---- DATA LISTING
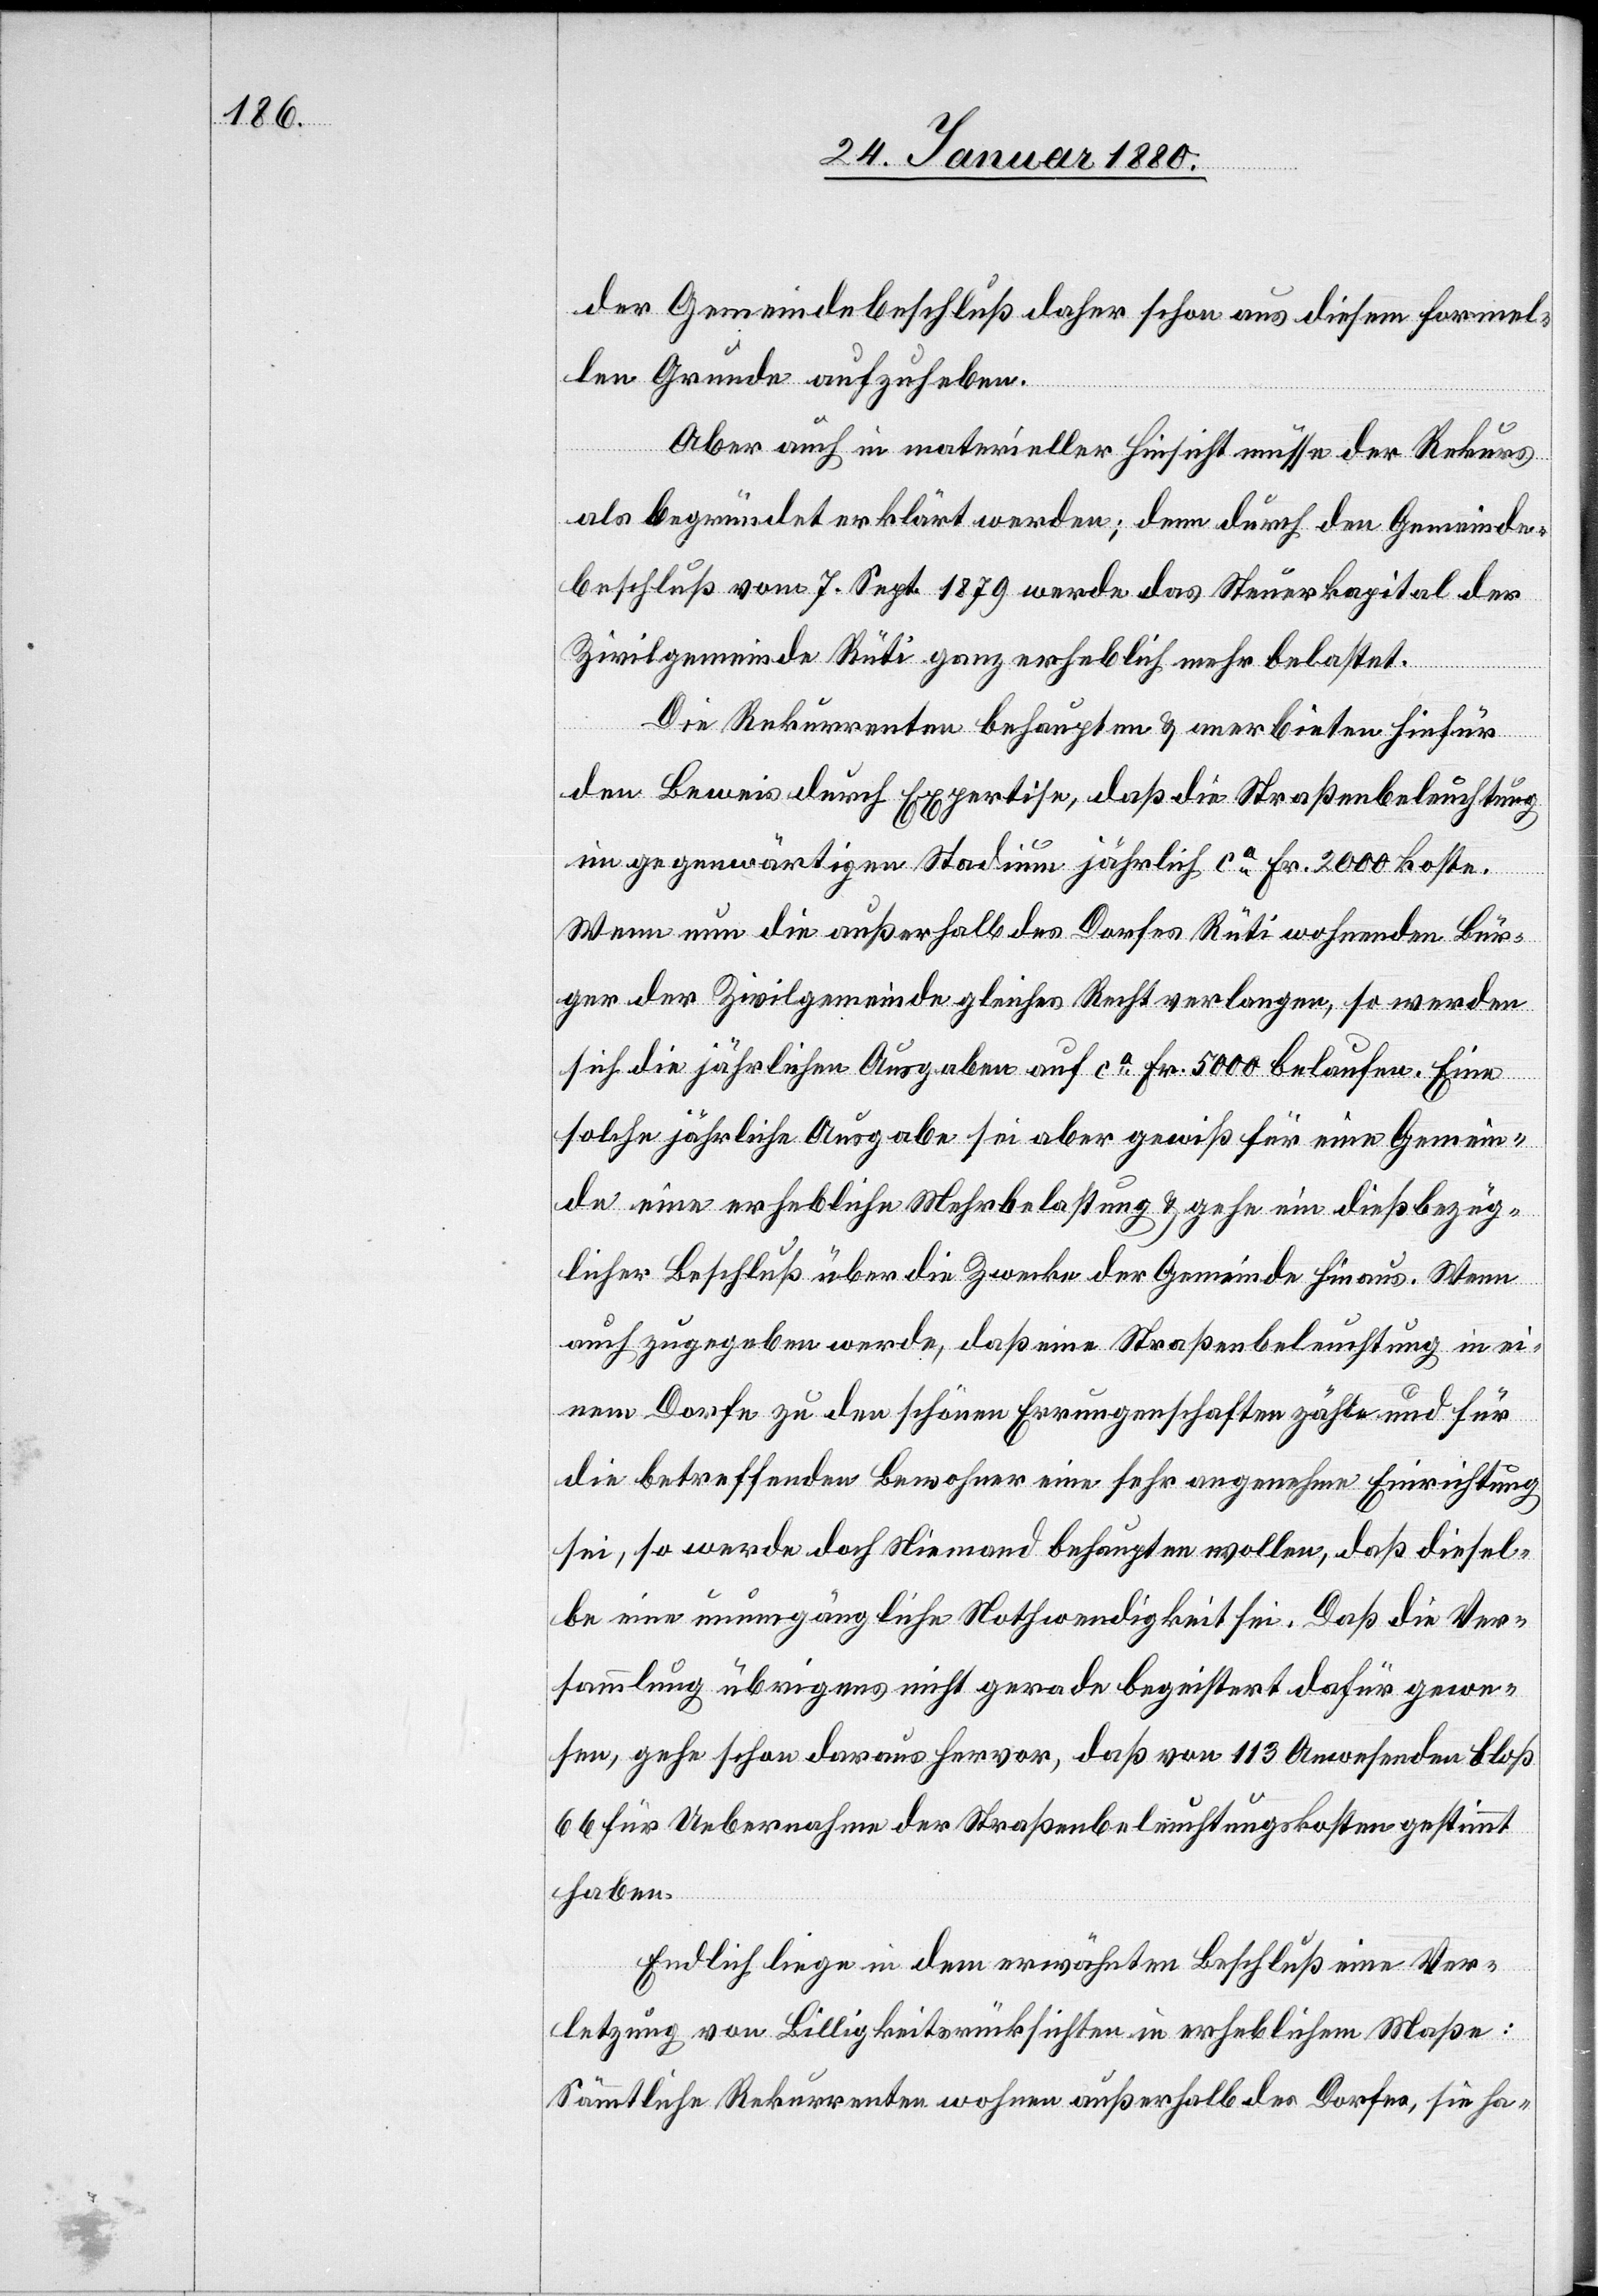
der Gemeindebeschluß daher schon aus diesem formel¬
len Grunde aufzuheben.
Aber auch in materieller Hinsicht müsse der Rekurs
als begründet erklärt werden; denn durch den Gemeinde¬
beschluß vom 7. Sept. 1879 werde das Steuerkapital der
Zivilgemeinde Rüti ganz erheblich mehr belastet.
Die Rekurrenten behaupten & anerbieten hiefür
den Beweis durch Expertise, daß die Straßenbeleuchtung
im gegenwärtigen Stadium jährlich ca Fr. 2000 koste.
Wenn nun die außerhalb des Dorfes Rüti wohnenden Bür¬
ger der Zivilgemeinde gleiches Recht verlangen, so werden
sich die jährlichen Ausgaben auf ca Fr. 5000 belaufen. Eine
solche jährliche Ausgabe sei aber gewiß für eine Gemein¬
de eine erhebliche Mehrbelastung & gehe ein dießbezüg¬
licher Beschluß über die Zwecke der Gemeinde hinaus. Wenn
auch zugegeben werde, daß eine Straßenbeleuchtung in ei¬
nem Dorfe zu den schönen Errungenschaften zähle und für
die betreffenden Bewohner eine sehr angenehme Einrichtung
sei, so werde doch Niemand behaupten wollen, daß diesel¬
be eine unumgängliche Nothwendigkeit sei. Daß die Ver¬
sammlung übrigens nicht gerade begeistert dafür gewe¬
sen, gehe schon daraus hervor, daß von 113 Anwesenden bloß
66 für Uebernahme der Straßenbeleuchtungskosten gestimmt
haben.
Endlich liege in dem erwähnten Beschluß eine Ver¬
letzung von Billigkeitsrücksichten in erheblichem Maße:
Sämmtliche Rekurrenten wohnen außerhalb des Dorfes, sie ha-
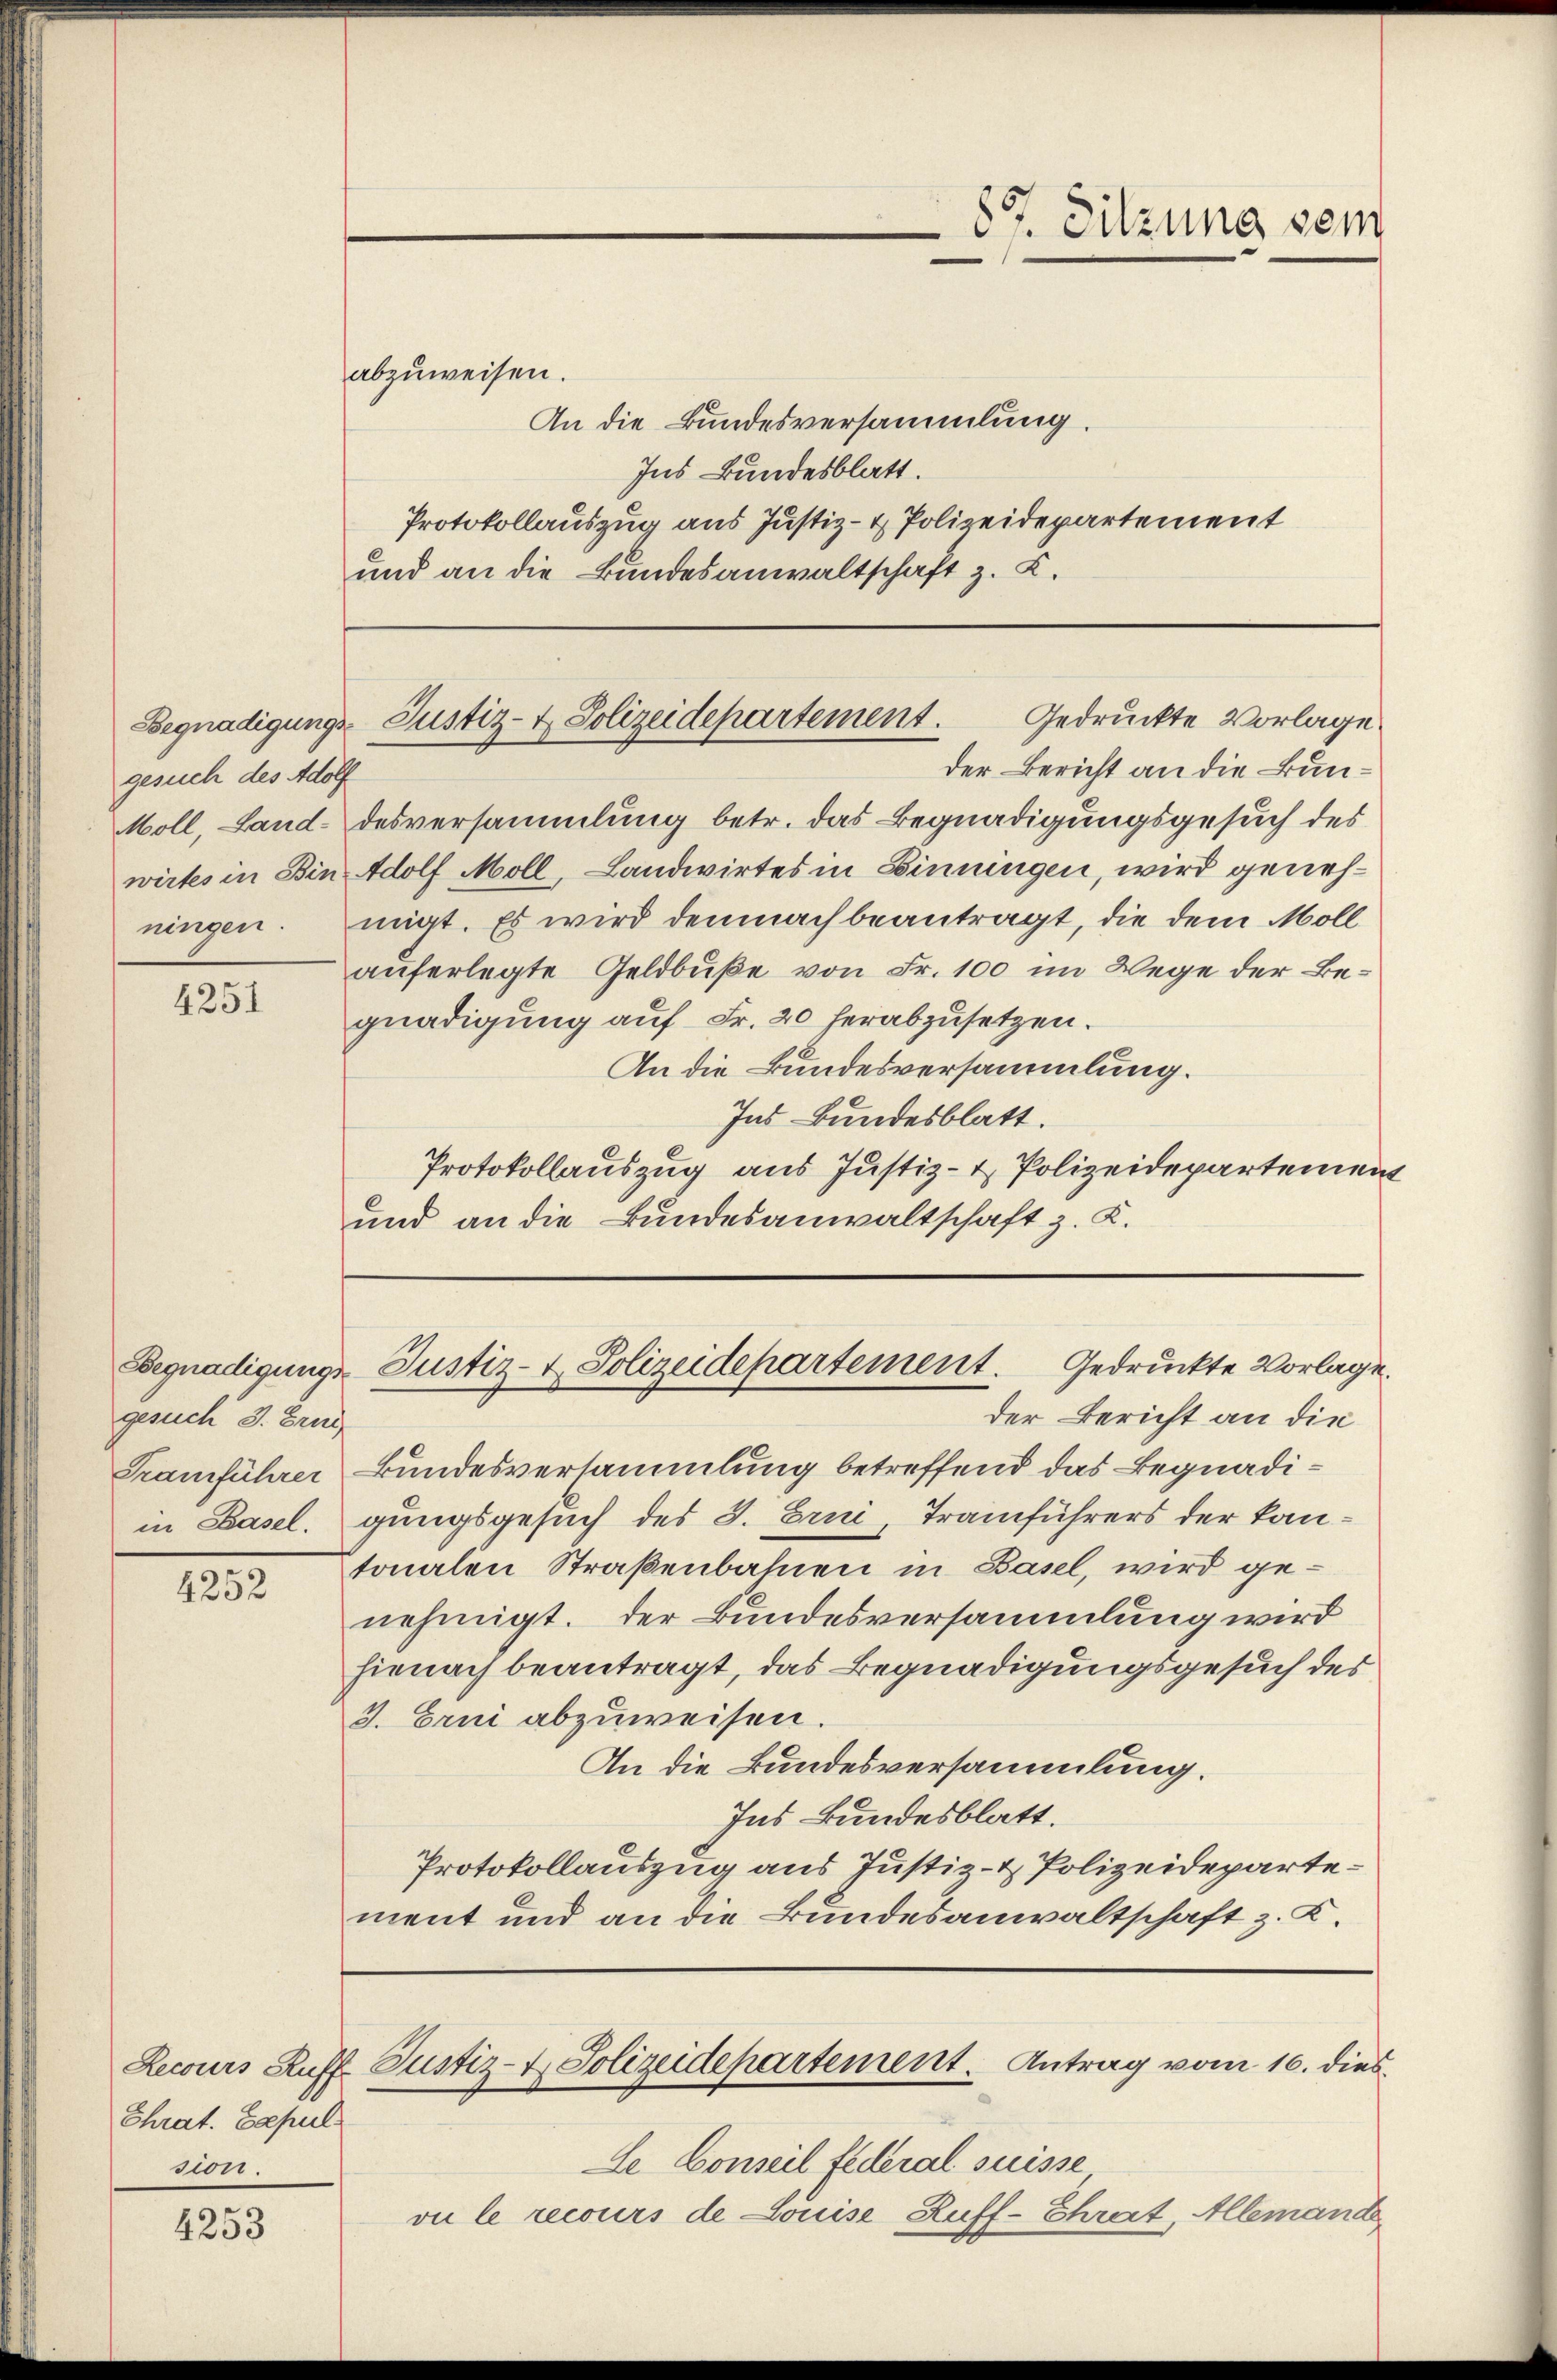
gesuch des Adolf
ningen.

4251

4252

Chrat. Capul
dir.

4253

gesuch 3. Brud
Transführer
in Basel,

abzuweisen.
An die Bundesversammlung.
Ins Bundesblatt.
Protokollauszug aus Justiz- & Polizeidepartement
und an die Bundesanwaltschaft z. B.

der Bericht an die Bun¬
Moll, Land-desversammlung betr. das Begnadigungsgesuch des
wirtes in Bin Adolf Moll, Landwirtes in Zinningen, wird genehmigt. Es wird demnach beantragt, die dem Moll
auferlegte Geldbuße von Fr. 100 im Wege der Begnadigung auf Fr. 20 herabzusetzen.
An die Bundesversammlung.
Ind Bundesblatt.
Protokollauszug aus Justiz- & Polizeidepartement
und an die Bundesanwaltschaft z. K.

Gedruckte Vorlage.
Begnadigungs Justiz- & Polizeidepartement.

87. Sitzung sein

der Bericht an die
Bundesversammlung betreffend das Begnadigungsgesuch des 3. Erni, Tramführers der kantonalen Straßenbahnen in Basel, wird genehmigt. Der Bundesversammlung wird
hienach beantragt, das Begnadigungsgesuch des
3. Erni abzuweisen.
An die Bundesversammlung.
Ins Bundesblatt.
Protokollauszug aus Justiz- & Polizeidepartement und an die Bundesanwaltschaft z. K.

Begnadigungs Justiz- & Polizeidepartement. Gedruckte Vorlage.

Lecours Ruff Justiz- & Polizeidepartement. Antrag vom 16. dies

Le Conseil federal suisse
vu le recours de Louise Ruff-Threut, Allemand
--------
> EXERCISE GOAL
Take from the material above the lines running from the one with "3. Erni abzuweisen." through the one with "Le Conseil federal suisse", and repeat them exactly, with nothing else.

> YOUR SOLUTION
3. Erni abzuweisen.
An die Bundesversammlung.
Ins Bundesblatt.
Protokollauszug aus Justiz- & Polizeidepartement und an die Bundesanwaltschaft z. K.

Begnadigungs Justiz- & Polizeidepartement. Gedruckte Vorlage.

Lecours Ruff Justiz- & Polizeidepartement. Antrag vom 16. dies

Le Conseil federal suisse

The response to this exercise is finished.